Epistemic uncertainty

Below is an excerpt from Jonh Ridgway's book review of "Waltzing with Bears", which is about software project risk management.  The general concept of epistemic vs. aleatory uncertainty is very important.

[…] Do yourself a favour, ignore what the book says about risk analysis [for software projects] and go and buy a good book on Bayesian Methods and Decision Theory. You don't have to take my word for this, just type in 'epistemic uncertainty and Monte Carlo' into your Internet search engine and take it from there. In the meantime, here are some background notes to help explain my remarks:

There are two types of uncertainty: epistemic and aleatory. As the name suggests, epistemic uncertainty results from gaps in knowledge. For example, one may be uncertain of an outcome because one has never used a particular technology before.
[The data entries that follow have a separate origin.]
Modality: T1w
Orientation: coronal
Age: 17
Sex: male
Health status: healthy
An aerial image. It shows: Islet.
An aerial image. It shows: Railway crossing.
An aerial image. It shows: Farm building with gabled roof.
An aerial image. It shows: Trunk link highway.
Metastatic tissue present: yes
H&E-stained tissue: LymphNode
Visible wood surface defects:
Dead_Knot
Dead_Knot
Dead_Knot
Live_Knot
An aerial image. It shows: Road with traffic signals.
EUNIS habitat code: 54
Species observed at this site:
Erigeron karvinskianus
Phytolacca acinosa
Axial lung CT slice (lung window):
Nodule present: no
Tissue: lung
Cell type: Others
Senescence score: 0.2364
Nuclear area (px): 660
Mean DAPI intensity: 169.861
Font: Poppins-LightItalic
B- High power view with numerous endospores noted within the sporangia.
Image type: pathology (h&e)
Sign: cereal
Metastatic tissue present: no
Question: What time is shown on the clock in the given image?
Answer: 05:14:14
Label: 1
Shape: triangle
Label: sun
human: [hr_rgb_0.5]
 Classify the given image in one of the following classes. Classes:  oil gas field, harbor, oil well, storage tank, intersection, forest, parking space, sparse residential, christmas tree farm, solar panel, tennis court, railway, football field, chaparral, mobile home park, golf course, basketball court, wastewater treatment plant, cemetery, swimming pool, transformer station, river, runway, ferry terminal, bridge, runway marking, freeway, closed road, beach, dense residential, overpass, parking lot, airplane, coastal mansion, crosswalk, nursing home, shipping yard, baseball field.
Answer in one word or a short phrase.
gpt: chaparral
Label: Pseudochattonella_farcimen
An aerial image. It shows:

Such uncertainty is essentially a state of mind and hence subjective. Aleatory uncertainty results from variability that is intrinsic to the behaviour of some systems [like throwing dice] (alea is the Latin for die). For example, I can be confident regarding the long term frequency of throwing sixes but I remain uncertain of the outcome of any given throw of a dice. This uncertainty can be objectively determined.There are two branches of probability theory: Frequentist and Bayesian.

Frequentist probability theory is used to analyse systems that are subject to aleatory uncertainty.

Bayesian probability theory is used to analyse epistemic uncertainty.

For most risk assessments a [software] Project Manager has to undertake, there is both epistemic and aleatory uncertainty but epistemic uncertainty is always significant due to the novelty of the situation underassessment.

Standard Monte Carlo Simulation uses frequentist probability theory to analyse risk.

When Monte Carlo is used to model schedule risk, the [software] schedule uncertainties are being treated as if they are aleatory, even though they are predominantly epistemic. This is now considered to be unrealistic and is known to give incorrect results. The main problem is that the second order uncertainties [in software projects] are often too large to be ignored, i.e. the required shape for the chosen probability distribution curves is more important than the tool vendors would have you believe and yet they are usually imprecisely known.

Using standard Monte Carlo to analyse schedule risk also requires unrealistic assumptions to be made regarding the correlations between the probabilities for the individual outcomes, e.g. that there are no correlations or that they are all of the same nature. In practice, there are correlations to be considered when analysising schedule risk and they are of both a positive and negative nature.

As a result of the above drawbacks many expert authorities are warning against the use of Monte Carlo Simulation where the historical data upon which the analysis is premised is incomplete. For example, its use in ecological and economic models is now controversial (see the World Congress on Risk website).

In software development there is a growing appreciation of the importance of Bayesian Methods in analysing problems in software quality assurance.

Bayesian methods are appropriate in situations where there are gaps in information (i.e. where there is epistemic uncertainty). They involve the creation of Bayesian Belief Networks (BBNs) to model causal relationships. Data is fed into the model to enable the probability of specified outcomes to be calculated given the current body of knowledge.

Even more interesting, Bayes Theorem can be used to assess the likelihood that pre-conditions exist in the light of outcomes becoming known.

BBNs can be used in any situation where one is trying to calculate the likelihood of an outcome, or an unknown situation, when there is only limited information. It is useful in Decision Theory when a risk-based decisions required in the face of epistemic uncertainty.